Recently, polyphenols have gained attention for their role in enhancing energy metabolism. Polyphenols such as resveratrol, found in wine and grape skins, quercetin in onions, and catechins in tea, have been reported to suppress oleic acid-induced fat accumulation in hepatocytes, protect mitochondrial membrane potential, and regulate the expression of fatty acid oxidation-related enzyme genes.
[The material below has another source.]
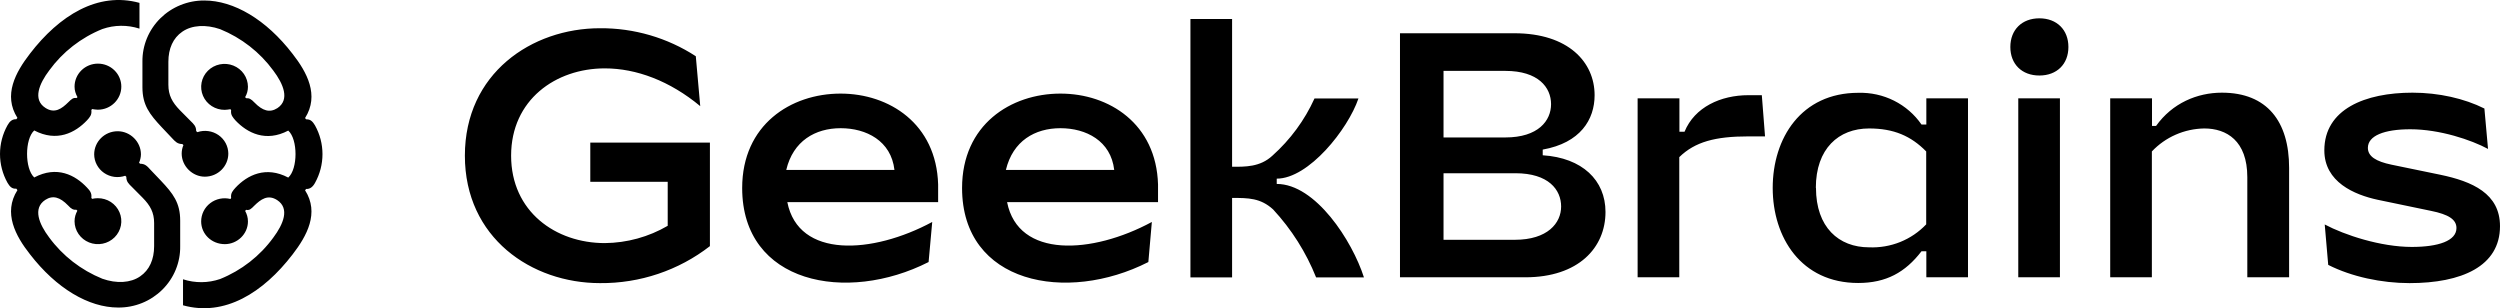 <?xml version="1.0" encoding="UTF-8"?> <svg xmlns="http://www.w3.org/2000/svg" width="146" height="18" viewBox="0 0 146 18" fill="none"> <path d="M58.744 9.924C59.152 8.227 60.439 7.487 61.931 7.487C63.422 7.487 64.874 8.22 65.07 9.924H58.744ZM67.064 15.3L67.268 12.963C63.783 14.845 59.466 15.107 58.814 11.806H67.629V10.773C67.527 7.225 64.772 5.466 61.931 5.466C59.026 5.466 56.185 7.286 56.185 10.981C56.185 16.58 62.292 17.729 67.056 15.307L67.064 15.3ZM45.917 9.924C46.318 8.227 47.613 7.487 49.096 7.487C50.588 7.487 52.04 8.22 52.236 9.924H45.917ZM54.23 15.3L54.442 12.963C50.949 14.845 46.632 15.107 45.98 11.806H54.787V10.773C54.685 7.225 51.93 5.466 49.089 5.466C46.184 5.466 43.343 7.286 43.343 10.981C43.343 16.58 49.45 17.729 54.222 15.307L54.23 15.3ZM71.954 1.109H69.521V16.202H71.954V11.559C72.897 11.559 73.611 11.559 74.349 12.23C75.426 13.392 76.277 14.738 76.861 16.202H79.655C78.972 14.066 76.829 10.742 74.561 10.742V10.433C76.429 10.433 78.721 7.549 79.333 5.752H76.766C76.191 7.02 75.355 8.157 74.309 9.091C73.587 9.762 72.716 9.739 71.954 9.739V1.109ZM84.302 8.027V4.14H87.913C89.836 4.14 90.582 5.104 90.582 6.083C90.582 7.047 89.836 8.027 87.913 8.027H84.302ZM84.302 14.004V10.117H88.501C90.433 10.117 91.17 11.081 91.17 12.06C91.17 13.024 90.385 14.004 88.462 14.004H84.302ZM88.439 1.942H81.759V16.194H89.075C92.191 16.194 93.761 14.459 93.761 12.377C93.761 10.526 92.403 9.215 90.095 9.068V8.736C92.293 8.343 93.125 6.986 93.125 5.559C93.125 3.631 91.594 1.942 88.439 1.942ZM95.637 5.744V16.194H98.07V9.176C98.989 8.281 100.174 7.965 102.105 7.965H103.078L102.89 5.559H102.105C100.496 5.559 98.965 6.253 98.376 7.695H98.078V5.744H95.637ZM106.045 10.973C106.045 8.675 107.38 7.502 109.154 7.502C110.598 7.502 111.603 7.942 112.49 8.844V13.102C112.066 13.549 111.548 13.901 110.972 14.133C110.396 14.364 109.776 14.47 109.154 14.444C107.38 14.444 106.053 13.271 106.053 10.973H106.045ZM112.498 5.744V7.271H112.215C111.809 6.682 111.257 6.204 110.612 5.88C109.967 5.557 109.25 5.399 108.526 5.42C105.19 5.42 103.526 8.065 103.526 10.973C103.526 13.873 105.19 16.526 108.518 16.526C110.151 16.526 111.265 15.909 112.215 14.675H112.498V16.194H114.931V5.744H112.498ZM117.867 16.194H120.3V5.744H117.867V16.194ZM119.099 4.41C120.12 4.41 120.795 3.746 120.795 2.744C120.795 1.741 120.12 1.07 119.099 1.07C118.079 1.07 117.404 1.741 117.404 2.744C117.404 3.746 118.079 4.41 119.099 4.41ZM125.685 5.744H123.236V16.194H125.669V8.844C126.061 8.429 126.534 8.095 127.06 7.865C127.586 7.634 128.155 7.511 128.731 7.502C130.026 7.502 131.243 8.212 131.243 10.348V16.194H133.684V9.801C133.684 7.101 132.404 5.412 129.759 5.412C128.315 5.412 126.863 6.022 125.913 7.356H125.677V5.744H125.685ZM135.741 8.783C135.741 10.634 137.499 11.374 138.857 11.667L141.973 12.315C142.994 12.523 143.457 12.816 143.457 13.318C143.457 14.066 142.397 14.421 140.851 14.421C139.03 14.421 136.926 13.726 135.764 13.109L135.968 15.469C137.334 16.163 139.092 16.534 140.717 16.534C143.755 16.534 146 15.554 146 13.21C146 11.305 144.391 10.595 142.499 10.202L139.658 9.616C138.77 9.431 138.284 9.137 138.284 8.636C138.284 7.927 139.234 7.549 140.764 7.549C142.483 7.549 144.328 8.173 145.301 8.698L145.089 6.338C143.92 5.752 142.421 5.412 140.89 5.412C138.119 5.412 135.741 6.376 135.741 8.783ZM34.473 8.328V10.618H38.994V13.187C37.882 13.836 36.614 14.185 35.32 14.197C32.455 14.197 29.849 12.361 29.849 9.091C29.849 5.829 32.455 3.993 35.32 3.993C37.165 3.993 39.12 4.726 40.894 6.199L40.635 3.284C38.976 2.205 37.027 1.635 35.038 1.649C31.05 1.649 27.149 4.286 27.149 9.091C27.149 13.896 31.05 16.534 35.038 16.534C37.366 16.555 39.632 15.793 41.459 14.374V8.328H34.48H34.473ZM13.13 6.415C13.232 6.415 13.357 6.392 13.459 6.376L13.498 6.438C13.459 6.723 13.608 6.862 13.75 7.032C14.44 7.765 15.524 8.32 16.834 7.626C17.4 8.135 17.4 9.862 16.834 10.371C15.524 9.677 14.44 10.225 13.75 10.965C13.608 11.127 13.459 11.274 13.498 11.559L13.459 11.621C13.256 11.57 13.044 11.566 12.839 11.608C12.634 11.651 12.442 11.738 12.277 11.865C12.112 11.991 11.978 12.153 11.887 12.338C11.795 12.523 11.748 12.726 11.748 12.932C11.748 13.672 12.36 14.258 13.13 14.258C13.86 14.258 14.48 13.665 14.48 12.932C14.48 12.701 14.417 12.5 14.315 12.315L14.378 12.253C14.566 12.3 14.668 12.199 14.849 12.014C15.225 11.644 15.641 11.335 16.183 11.683C16.937 12.176 16.544 13.094 15.963 13.873C15.18 14.952 14.103 15.792 12.855 16.295C12.154 16.535 11.392 16.54 10.688 16.31V17.829C13.122 18.508 15.374 17.089 17.086 14.86C17.918 13.78 18.663 12.438 17.816 11.112L17.878 11.035C18.106 11.05 18.271 10.911 18.397 10.68C18.683 10.166 18.833 9.589 18.833 9.002C18.833 8.416 18.683 7.839 18.397 7.325C18.271 7.117 18.145 6.955 17.878 6.97L17.816 6.893C18.663 5.559 17.918 4.209 17.086 3.145C15.539 1.132 13.648 0.029 11.928 0.029C11.452 0.027 10.979 0.118 10.539 0.297C10.098 0.476 9.698 0.739 9.362 1.072C9.026 1.404 8.761 1.799 8.581 2.233C8.402 2.667 8.312 3.132 8.318 3.6V5.096C8.318 6.137 8.734 6.669 9.44 7.425L10.045 8.065C10.233 8.266 10.359 8.412 10.649 8.412L10.712 8.474C10.649 8.613 10.61 8.798 10.61 8.968C10.61 9.7 11.238 10.318 11.96 10.318C12.737 10.318 13.334 9.7 13.334 8.968C13.332 8.756 13.279 8.547 13.179 8.359C13.079 8.171 12.934 8.009 12.758 7.887C12.581 7.765 12.377 7.686 12.164 7.657C11.95 7.627 11.732 7.648 11.528 7.718L11.457 7.657C11.457 7.371 11.316 7.248 11.128 7.063L10.5 6.43C10.06 5.975 9.833 5.567 9.833 4.95V3.608C9.833 2.836 10.107 2.219 10.649 1.849C11.206 1.464 12.023 1.417 12.855 1.703C14.1 2.21 15.177 3.048 15.963 4.124C16.544 4.896 16.944 5.821 16.199 6.315C15.751 6.6 15.335 6.477 14.856 5.983C14.668 5.783 14.542 5.721 14.378 5.736L14.315 5.675C14.425 5.489 14.48 5.289 14.48 5.065C14.478 4.8 14.396 4.54 14.245 4.32C14.093 4.1 13.878 3.93 13.627 3.83C13.377 3.73 13.102 3.705 12.837 3.759C12.572 3.813 12.329 3.943 12.14 4.132C11.95 4.322 11.822 4.562 11.772 4.824C11.722 5.085 11.751 5.355 11.857 5.599C11.963 5.844 12.141 6.052 12.367 6.197C12.594 6.342 12.859 6.418 13.13 6.415ZM5.712 11.575C5.602 11.575 5.476 11.59 5.374 11.613L5.335 11.552C5.374 11.266 5.233 11.12 5.084 10.958C4.393 10.217 3.317 9.662 1.999 10.364C1.441 9.847 1.441 8.127 1.999 7.618C3.317 8.312 4.393 7.757 5.084 7.024C5.233 6.855 5.374 6.716 5.335 6.43L5.374 6.369C5.484 6.384 5.61 6.407 5.712 6.407C6.481 6.407 7.085 5.79 7.085 5.058C7.085 4.702 6.941 4.36 6.685 4.109C6.429 3.857 6.082 3.716 5.719 3.716C5.357 3.716 5.01 3.857 4.754 4.109C4.498 4.36 4.354 4.702 4.354 5.058C4.354 5.281 4.416 5.482 4.526 5.675L4.464 5.729C4.275 5.69 4.173 5.79 3.985 5.975C3.608 6.346 3.192 6.654 2.65 6.299C1.897 5.813 2.289 4.888 2.878 4.109C3.66 3.034 4.734 2.197 5.979 1.695C6.678 1.452 7.44 1.444 8.145 1.672V0.168C5.712 -0.503 3.459 0.908 1.748 3.137C0.916 4.217 0.17 5.551 1.018 6.885L0.955 6.963C0.727 6.947 0.562 7.086 0.437 7.317C0.15 7.832 0 8.408 0 8.995C0 9.581 0.15 10.158 0.437 10.672C0.562 10.88 0.688 11.042 0.955 11.019L1.018 11.104C0.17 12.431 0.916 13.788 1.748 14.845C3.294 16.85 5.186 17.96 6.897 17.96C7.376 17.965 7.852 17.875 8.295 17.696C8.739 17.517 9.141 17.252 9.479 16.918C9.817 16.584 10.084 16.187 10.263 15.75C10.442 15.313 10.531 14.845 10.523 14.374V12.886C10.523 11.837 10.107 11.305 9.393 10.549L8.789 9.916C8.6 9.708 8.475 9.562 8.184 9.562L8.121 9.508C8.184 9.361 8.231 9.176 8.231 9.014C8.231 8.274 7.603 7.664 6.873 7.664C6.104 7.664 5.5 8.281 5.5 9.014C5.501 9.227 5.554 9.437 5.655 9.625C5.755 9.814 5.9 9.977 6.078 10.099C6.255 10.221 6.46 10.3 6.675 10.329C6.89 10.357 7.109 10.335 7.313 10.264L7.376 10.325C7.376 10.611 7.517 10.734 7.705 10.919L8.333 11.552C8.773 11.999 9.001 12.408 9.001 13.024V14.374C9.001 15.153 8.726 15.77 8.184 16.14C7.627 16.526 6.811 16.572 5.979 16.279C4.734 15.774 3.657 14.938 2.87 13.865C2.289 13.094 1.897 12.168 2.642 11.675C3.082 11.389 3.498 11.505 3.977 11.999C4.165 12.207 4.291 12.269 4.456 12.246L4.518 12.307C4.416 12.492 4.354 12.693 4.354 12.924C4.355 13.19 4.437 13.449 4.588 13.668C4.74 13.888 4.954 14.059 5.204 14.159C5.454 14.259 5.729 14.284 5.994 14.231C6.258 14.178 6.501 14.049 6.691 13.86C6.881 13.671 7.009 13.431 7.061 13.171C7.112 12.91 7.083 12.64 6.978 12.396C6.873 12.151 6.697 11.943 6.472 11.796C6.246 11.65 5.982 11.573 5.712 11.575Z" fill="black"></path> </svg>

These polyphenols enhance fatty acid β-oxidation via SIRT1 activation [19]. Among the polyphenols that suppress oleic acid-induced fat accumulation and promote lipid metabolism is piceatannol (PIC), abundant in passion fruit seeds [20] [21]. PIC, part of the stilbene family, exhibits stronger antioxidant activity than many other polyphenols [20] [22]. Its antioxidant properties suppress reactive oxygen species (ROS) generated by ultraviolet rays, inhibiting photoaging [23], and promote hyaluronic acid synthesis, strengthening skin structure and function via SIRT1 induction [24]. In skeletal muscle, PIC protects cells from oxidative stress by increasing the expression of antioxidant factors such as heme oxygenase-1 (HO-1) and superoxide dismutase (SOD1) [22], and promotes glucose uptake by facilitating GLUT4 translocation through AMPK activation [25]. Recent studies suggest PIC’s involvement in skeletal muscle energy metabolism, including increased expression of SIRT1 and mitochondrial metabolism-related genes upon PIC treatment of C2C12 cells [21].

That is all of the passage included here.